28 Mar, 2023
The appeal of Application Management Services (AMS) comes as much from the promise of outsourcing the increasing complexity of application management, as it does from the added depth of knowledge and experience that such subject specialists can bring to the ongoing management of your organization’s applications.
Because of the complex nature of today’s AMS, it makes sense to look at the Application Management Service provision within four main phases.
- Transition involves information gathering and expectation setting on both sides.
- Stabilization is when the service being offered and the information provided reaches a level whereby Service Level Agreements can be measured effectively.
- Operations is when the actual service provision begins.
- Optimization is where service level performance is monitored and evaluated to enable continuous improvements to the landscape and achieve lower costs.
In this article, we look at the key elements of these phases and how each one contributes to the overall AMS process.
The transition phase is a project within itself and, as such, it is usually split into two distinct parts: Transition Planning and Transition Execution. The organization and AMS provider can determine whether shadow support and/or reverse shadow support is required. With shadow support, the contractor ‘shadows’ the organization’s IT team, observing their processes and providing on-site or remote support.
With reverse shadow support, the contractor provides the services from the outset, leaning on the client team to provide the support and act as a contact in the event of escalations. However, most commonly, the transition phase of the Application Management Service is a fact-finding and knowledge-sharing phase – one that doesn’t actually involve any service provision. It is the time when roles, processes, and tools to be included for successful delivery are agreed.
The company providing AMS must use this phase to establish a support structure that serves to ensure that services are available and that those providing the service have the client-specific knowledge of those applications to be supported. This includes functional specifications ready for the rollout, process documents, general documents, test scripts, data, and live demo sessions on the delivery of the services that fall within the scope.
At the outset of this phase, a joint project plan is created through a series of detailed meetings between the service provider and the client. These track all services throughout this phase. The client must equip the service provider with all the knowledge they require to fulfil the service delivery agreements. Knowledge transfer is a key element of this phase but other tasks include:Designating the engagement manager.
Involving employees such as key users and users in the SAP Service Desk processes.
Transferring knowledge of the SAP solution as customized at the client site
Ensuring the contractor receives all necessary access authorizations for the client’s systems (SAP and non SAP).
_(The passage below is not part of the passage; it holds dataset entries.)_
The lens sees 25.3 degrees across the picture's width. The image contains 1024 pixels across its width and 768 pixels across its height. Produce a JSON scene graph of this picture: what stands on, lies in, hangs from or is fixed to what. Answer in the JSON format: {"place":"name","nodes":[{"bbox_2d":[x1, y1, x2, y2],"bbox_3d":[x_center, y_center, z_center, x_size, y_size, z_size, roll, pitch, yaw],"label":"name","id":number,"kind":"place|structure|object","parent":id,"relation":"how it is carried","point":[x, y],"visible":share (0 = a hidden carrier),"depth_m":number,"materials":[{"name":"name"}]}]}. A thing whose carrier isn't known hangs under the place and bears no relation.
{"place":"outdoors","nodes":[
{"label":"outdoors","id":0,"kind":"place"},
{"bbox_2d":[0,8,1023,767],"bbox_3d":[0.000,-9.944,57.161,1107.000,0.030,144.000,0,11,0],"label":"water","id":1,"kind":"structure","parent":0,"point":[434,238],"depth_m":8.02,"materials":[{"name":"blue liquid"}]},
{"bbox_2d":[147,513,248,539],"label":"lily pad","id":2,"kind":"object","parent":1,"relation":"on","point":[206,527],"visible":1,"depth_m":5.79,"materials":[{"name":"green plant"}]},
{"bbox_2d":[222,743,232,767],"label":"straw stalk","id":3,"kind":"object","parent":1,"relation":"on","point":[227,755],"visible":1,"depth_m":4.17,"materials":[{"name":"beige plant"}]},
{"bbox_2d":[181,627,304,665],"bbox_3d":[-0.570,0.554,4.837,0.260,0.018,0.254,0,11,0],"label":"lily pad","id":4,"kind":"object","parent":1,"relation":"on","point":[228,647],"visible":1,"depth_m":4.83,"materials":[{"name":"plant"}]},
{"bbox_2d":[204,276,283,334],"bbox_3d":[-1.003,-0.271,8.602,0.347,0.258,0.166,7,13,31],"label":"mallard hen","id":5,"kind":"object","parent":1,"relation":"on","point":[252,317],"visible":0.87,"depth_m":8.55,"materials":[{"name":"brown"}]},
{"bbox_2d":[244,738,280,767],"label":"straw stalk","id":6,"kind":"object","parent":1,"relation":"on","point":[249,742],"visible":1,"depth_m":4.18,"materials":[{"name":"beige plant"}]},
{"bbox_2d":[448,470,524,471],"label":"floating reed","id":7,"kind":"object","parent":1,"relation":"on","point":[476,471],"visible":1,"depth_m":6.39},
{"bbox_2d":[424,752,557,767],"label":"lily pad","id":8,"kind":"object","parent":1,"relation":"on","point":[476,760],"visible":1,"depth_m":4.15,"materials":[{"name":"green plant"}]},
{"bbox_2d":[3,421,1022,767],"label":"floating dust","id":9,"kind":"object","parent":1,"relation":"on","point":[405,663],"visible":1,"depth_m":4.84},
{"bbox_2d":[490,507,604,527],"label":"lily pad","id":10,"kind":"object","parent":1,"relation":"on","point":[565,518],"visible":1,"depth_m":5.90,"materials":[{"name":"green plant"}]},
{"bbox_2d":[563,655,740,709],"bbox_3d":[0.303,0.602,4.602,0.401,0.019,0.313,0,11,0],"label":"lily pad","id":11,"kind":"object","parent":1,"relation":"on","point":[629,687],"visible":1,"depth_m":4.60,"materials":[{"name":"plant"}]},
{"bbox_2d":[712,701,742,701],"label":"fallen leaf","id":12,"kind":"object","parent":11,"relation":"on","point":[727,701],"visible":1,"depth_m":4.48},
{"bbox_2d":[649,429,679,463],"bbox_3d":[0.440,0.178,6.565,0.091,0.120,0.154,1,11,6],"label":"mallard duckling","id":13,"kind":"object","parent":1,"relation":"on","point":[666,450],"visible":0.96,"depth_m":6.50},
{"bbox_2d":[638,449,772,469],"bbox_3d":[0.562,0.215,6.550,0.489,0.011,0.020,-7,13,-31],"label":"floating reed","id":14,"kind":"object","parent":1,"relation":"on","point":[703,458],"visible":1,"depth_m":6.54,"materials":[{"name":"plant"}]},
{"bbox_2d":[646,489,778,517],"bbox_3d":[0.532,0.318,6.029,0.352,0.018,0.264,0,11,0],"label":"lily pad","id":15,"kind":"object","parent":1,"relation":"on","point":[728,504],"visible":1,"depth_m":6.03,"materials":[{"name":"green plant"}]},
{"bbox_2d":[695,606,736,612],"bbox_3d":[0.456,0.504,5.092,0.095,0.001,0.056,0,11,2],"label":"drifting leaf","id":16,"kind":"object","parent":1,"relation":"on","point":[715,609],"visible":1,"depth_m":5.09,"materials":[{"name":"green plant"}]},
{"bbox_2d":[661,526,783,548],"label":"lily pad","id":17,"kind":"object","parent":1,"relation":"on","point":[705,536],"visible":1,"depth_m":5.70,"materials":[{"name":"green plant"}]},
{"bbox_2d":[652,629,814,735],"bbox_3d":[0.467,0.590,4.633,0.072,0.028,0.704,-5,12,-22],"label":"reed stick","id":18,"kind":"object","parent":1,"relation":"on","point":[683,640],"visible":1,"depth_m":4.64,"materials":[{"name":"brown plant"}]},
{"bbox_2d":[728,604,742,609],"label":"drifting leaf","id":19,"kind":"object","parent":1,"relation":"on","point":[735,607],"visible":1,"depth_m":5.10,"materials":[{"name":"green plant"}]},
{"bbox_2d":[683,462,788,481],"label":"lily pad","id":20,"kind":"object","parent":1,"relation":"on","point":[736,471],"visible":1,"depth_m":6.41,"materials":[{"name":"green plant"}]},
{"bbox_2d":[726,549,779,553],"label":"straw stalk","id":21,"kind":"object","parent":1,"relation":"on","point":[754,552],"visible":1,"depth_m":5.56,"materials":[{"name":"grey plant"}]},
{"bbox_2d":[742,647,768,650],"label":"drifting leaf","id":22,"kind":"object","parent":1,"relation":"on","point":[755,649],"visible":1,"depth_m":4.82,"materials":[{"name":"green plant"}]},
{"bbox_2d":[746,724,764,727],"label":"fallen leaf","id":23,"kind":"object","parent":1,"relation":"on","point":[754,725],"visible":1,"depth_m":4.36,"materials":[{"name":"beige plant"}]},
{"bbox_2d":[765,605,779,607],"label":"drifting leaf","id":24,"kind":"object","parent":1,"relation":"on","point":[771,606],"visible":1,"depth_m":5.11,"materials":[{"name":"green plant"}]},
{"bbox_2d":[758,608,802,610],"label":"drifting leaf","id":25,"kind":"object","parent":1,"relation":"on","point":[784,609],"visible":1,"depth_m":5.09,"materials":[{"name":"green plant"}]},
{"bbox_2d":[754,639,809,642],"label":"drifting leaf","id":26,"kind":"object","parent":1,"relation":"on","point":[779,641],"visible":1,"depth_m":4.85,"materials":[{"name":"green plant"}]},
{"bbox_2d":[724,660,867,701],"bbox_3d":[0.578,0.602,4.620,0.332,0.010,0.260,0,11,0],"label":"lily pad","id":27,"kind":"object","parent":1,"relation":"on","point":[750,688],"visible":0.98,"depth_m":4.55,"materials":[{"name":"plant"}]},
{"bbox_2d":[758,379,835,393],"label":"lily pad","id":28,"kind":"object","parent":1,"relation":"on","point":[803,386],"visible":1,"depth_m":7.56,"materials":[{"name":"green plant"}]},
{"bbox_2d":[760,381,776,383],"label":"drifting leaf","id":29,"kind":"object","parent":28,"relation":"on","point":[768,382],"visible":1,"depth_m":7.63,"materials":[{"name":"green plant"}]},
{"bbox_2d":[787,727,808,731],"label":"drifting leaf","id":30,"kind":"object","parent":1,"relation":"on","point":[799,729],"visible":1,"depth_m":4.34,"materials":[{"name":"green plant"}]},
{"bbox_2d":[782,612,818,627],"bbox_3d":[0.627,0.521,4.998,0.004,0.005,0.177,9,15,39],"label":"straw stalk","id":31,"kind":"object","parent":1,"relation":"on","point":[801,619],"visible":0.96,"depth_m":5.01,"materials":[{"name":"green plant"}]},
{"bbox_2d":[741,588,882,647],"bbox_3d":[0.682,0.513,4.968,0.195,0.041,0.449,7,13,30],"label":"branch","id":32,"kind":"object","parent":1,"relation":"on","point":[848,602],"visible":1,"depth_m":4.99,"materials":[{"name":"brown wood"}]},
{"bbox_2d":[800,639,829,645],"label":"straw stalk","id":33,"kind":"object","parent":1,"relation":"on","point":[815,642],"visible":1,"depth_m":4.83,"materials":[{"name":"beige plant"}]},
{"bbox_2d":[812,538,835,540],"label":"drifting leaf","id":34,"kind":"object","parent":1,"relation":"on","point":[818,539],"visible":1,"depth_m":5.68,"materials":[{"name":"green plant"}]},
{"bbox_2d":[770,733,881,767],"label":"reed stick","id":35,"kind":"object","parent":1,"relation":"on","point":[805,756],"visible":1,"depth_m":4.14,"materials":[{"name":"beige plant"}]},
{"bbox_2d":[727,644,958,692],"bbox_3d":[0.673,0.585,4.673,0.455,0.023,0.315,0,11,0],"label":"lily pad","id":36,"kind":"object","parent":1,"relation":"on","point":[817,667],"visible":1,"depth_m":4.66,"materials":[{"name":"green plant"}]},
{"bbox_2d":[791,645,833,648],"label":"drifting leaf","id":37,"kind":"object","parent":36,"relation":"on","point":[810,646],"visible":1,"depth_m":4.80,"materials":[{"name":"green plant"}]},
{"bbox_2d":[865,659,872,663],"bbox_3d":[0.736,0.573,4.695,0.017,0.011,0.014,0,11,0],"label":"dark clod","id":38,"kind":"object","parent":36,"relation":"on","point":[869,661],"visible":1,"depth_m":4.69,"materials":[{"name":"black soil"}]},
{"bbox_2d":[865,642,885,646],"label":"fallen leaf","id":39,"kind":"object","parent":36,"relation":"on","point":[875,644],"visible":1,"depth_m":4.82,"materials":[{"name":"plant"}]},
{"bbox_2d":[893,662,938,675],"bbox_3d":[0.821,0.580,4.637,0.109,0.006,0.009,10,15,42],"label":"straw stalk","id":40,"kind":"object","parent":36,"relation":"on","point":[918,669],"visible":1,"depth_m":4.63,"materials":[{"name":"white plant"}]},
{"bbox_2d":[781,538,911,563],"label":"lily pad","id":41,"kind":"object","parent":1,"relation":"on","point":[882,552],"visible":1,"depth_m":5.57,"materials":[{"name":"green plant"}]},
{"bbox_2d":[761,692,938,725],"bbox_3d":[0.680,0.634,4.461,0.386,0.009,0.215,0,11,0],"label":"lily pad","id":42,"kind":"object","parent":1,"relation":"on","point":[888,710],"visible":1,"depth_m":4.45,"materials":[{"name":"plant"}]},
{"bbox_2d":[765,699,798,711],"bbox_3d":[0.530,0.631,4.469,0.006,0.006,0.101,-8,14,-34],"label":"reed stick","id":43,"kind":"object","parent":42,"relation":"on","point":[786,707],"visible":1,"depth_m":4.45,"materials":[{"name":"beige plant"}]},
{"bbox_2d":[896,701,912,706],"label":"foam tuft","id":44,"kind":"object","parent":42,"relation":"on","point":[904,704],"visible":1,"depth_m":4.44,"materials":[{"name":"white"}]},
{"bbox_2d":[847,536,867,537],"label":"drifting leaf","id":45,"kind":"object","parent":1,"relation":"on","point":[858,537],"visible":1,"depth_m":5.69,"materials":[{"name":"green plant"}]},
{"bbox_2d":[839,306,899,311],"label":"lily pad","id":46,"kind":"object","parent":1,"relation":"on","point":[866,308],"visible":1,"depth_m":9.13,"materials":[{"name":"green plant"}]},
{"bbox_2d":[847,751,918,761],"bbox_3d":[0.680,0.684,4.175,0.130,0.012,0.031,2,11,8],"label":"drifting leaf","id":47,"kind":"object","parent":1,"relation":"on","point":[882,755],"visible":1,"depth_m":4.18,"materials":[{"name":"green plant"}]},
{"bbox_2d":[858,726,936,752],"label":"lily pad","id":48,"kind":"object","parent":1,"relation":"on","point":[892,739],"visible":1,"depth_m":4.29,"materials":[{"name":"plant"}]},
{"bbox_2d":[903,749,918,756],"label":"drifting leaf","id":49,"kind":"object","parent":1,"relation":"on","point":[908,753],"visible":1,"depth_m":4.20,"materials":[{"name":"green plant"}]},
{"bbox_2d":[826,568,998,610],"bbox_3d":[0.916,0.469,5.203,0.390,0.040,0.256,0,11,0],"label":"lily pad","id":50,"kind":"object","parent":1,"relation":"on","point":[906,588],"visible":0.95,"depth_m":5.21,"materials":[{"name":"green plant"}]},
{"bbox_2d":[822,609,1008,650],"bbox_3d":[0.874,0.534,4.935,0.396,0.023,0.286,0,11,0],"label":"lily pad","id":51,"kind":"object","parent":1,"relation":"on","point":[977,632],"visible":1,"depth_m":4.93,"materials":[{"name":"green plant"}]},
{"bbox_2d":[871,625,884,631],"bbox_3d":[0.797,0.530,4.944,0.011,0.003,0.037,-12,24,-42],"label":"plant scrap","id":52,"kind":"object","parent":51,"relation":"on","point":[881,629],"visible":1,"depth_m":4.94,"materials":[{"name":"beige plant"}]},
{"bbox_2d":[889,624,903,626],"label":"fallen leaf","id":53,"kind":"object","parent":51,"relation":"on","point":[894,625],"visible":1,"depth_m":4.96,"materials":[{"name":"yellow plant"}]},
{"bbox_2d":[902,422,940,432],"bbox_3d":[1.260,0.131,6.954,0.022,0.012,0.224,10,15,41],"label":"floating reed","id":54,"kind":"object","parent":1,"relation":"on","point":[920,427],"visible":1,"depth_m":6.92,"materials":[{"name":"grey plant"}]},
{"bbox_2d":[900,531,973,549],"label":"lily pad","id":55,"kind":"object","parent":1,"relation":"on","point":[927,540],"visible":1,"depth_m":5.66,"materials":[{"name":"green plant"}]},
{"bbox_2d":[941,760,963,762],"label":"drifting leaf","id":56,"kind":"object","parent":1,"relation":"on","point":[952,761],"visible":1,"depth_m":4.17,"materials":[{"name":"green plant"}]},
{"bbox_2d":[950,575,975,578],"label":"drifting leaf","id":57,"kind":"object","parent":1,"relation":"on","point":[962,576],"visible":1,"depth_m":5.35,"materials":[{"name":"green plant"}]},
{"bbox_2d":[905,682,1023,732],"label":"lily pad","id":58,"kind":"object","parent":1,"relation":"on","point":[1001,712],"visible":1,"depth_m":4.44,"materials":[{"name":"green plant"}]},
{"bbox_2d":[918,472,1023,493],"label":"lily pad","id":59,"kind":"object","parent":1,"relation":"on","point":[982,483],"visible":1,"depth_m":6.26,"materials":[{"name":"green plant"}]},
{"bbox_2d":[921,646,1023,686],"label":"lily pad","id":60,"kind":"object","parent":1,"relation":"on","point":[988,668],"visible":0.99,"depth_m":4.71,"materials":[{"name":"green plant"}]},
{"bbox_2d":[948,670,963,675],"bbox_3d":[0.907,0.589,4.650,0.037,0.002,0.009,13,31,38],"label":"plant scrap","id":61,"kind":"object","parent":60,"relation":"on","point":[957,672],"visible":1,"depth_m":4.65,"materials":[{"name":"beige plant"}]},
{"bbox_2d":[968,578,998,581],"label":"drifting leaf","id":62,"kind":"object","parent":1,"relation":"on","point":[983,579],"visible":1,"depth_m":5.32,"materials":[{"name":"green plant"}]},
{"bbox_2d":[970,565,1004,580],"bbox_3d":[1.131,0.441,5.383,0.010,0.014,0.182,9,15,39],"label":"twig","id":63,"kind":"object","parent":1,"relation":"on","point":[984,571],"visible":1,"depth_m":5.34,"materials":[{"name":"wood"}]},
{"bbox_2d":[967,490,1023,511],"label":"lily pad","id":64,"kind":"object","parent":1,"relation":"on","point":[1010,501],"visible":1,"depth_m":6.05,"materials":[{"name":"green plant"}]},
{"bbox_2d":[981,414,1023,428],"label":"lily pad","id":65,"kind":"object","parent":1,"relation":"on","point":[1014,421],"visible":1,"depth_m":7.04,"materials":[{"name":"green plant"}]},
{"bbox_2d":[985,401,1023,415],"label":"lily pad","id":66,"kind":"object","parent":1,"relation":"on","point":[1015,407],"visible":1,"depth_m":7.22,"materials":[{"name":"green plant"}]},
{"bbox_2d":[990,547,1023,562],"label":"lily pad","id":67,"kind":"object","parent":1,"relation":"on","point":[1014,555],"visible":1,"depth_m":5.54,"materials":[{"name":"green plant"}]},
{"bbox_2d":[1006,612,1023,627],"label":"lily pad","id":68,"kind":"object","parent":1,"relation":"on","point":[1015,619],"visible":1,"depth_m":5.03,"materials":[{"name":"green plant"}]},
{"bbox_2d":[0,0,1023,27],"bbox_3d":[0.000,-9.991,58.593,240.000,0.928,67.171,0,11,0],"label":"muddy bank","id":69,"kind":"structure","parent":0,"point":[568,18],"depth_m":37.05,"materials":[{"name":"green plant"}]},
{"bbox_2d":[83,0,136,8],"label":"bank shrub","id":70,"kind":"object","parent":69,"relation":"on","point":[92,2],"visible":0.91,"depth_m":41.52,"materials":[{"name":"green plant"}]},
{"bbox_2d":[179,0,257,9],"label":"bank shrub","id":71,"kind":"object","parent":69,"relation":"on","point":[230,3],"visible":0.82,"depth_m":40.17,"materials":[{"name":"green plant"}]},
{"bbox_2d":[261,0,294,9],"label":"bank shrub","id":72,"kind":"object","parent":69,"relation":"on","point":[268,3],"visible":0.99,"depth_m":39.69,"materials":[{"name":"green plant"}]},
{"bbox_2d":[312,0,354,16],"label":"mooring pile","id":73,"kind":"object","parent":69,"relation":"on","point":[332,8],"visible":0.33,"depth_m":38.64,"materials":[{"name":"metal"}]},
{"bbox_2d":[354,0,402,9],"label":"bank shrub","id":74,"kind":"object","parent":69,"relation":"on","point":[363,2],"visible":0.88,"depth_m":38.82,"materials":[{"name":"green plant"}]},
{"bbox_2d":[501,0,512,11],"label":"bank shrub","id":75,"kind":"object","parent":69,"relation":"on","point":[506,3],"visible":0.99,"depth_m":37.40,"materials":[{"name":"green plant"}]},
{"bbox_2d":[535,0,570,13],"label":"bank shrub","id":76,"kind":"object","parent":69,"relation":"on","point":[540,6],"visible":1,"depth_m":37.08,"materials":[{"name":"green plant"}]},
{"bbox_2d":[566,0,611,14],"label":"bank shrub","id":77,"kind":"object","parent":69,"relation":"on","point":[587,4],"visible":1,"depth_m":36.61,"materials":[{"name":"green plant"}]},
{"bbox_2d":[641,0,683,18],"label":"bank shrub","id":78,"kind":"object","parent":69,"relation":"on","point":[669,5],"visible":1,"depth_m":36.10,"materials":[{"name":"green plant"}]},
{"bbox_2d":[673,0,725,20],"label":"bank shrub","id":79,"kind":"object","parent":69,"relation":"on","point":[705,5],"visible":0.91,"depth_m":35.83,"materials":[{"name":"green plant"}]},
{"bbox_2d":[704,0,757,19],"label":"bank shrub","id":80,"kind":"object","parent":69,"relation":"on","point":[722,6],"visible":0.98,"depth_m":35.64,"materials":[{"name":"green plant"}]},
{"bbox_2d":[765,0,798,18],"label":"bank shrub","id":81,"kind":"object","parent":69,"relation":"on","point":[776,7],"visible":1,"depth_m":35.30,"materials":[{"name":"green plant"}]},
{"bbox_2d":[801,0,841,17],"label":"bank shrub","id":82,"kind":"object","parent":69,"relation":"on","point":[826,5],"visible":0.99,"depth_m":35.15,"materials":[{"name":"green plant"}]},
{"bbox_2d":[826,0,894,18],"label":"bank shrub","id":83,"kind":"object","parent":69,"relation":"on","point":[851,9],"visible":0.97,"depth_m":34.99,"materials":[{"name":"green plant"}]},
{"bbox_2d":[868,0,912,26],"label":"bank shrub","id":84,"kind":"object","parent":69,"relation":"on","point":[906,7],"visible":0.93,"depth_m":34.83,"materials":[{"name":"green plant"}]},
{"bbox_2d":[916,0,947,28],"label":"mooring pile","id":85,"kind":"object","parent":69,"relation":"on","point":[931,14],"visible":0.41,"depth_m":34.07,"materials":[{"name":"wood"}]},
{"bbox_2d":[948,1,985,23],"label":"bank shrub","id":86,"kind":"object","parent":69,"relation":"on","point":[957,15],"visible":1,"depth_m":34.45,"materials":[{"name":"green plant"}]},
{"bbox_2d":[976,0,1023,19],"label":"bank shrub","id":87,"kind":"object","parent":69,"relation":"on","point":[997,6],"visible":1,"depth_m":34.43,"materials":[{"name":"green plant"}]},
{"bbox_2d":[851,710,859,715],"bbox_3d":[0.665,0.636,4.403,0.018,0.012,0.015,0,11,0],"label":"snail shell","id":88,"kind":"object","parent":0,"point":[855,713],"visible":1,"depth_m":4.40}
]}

Next, the stabilization phase aims to stabilize all aspects of the solution’s operation enabling SLA measurements to be recorded effectively. In this phase, messages are handled according to the event management, incident management, problem management, change management, or request fulfilment processes. Application landscapes are stabilized as the service provider’s understanding and knowledge of the client’s application landscape grows.
This phase may be short, or for more complex service provision, could take longer but includes all the kick-off activities such as tying up the loose ends of the scope and finalizing the transition phase and IT service management (ITSM) documentation. Once all of this has been done, the stabilization phase will be deemed complete and the client will sign-off of this phase.
The operations phase is the point where the management of the application services runs. The services identified and planned for are provided remotely during this phase and are documented in a ticket system. In some AMS agreements, provision may be made to spend a specific number of days each month or quarter delivering support on site.
During this phase, incoming messages from the client and application owner are processed as either event management, incident management, problem management, change management, or as a request fulfilment process. These are then dealt with according to the established SLAs and the resolution scope defined in the associated scope document.
Throughout the operations phase, tasks are continuously monitored to avoid SLA violations and control meetings should be held on a regular basis to ensure the quality of the AMS. These meetings held by the client and the AMS provider enable parties to identify, discuss and agree on optimizations as part of a continuous improvement process. Documentation is regularly checked and revised when needed and interim reports are delivered at agreed intervals.
The final phase of AMS is continuous optimization. Every organization needs to continually optimize its IT environment to keep pace with an everchanging business ecosystem. The key benefit of this stage is that your SAP landscape will always remain current and fully functioning, therefore preventing a legacy system.
Optimization helps organizations to make more accurate predictions about the IT landscape and as a result, more predictable costs for enhancements and maintenance. During this phase, the SAP landscape is continuously monitored to enable improvements and to help lower costs. An experienced AMS partner can help your IT team deal with the constant changing priorities between new implementations and maintenance or upgrade of systems, usually managed by internal employees.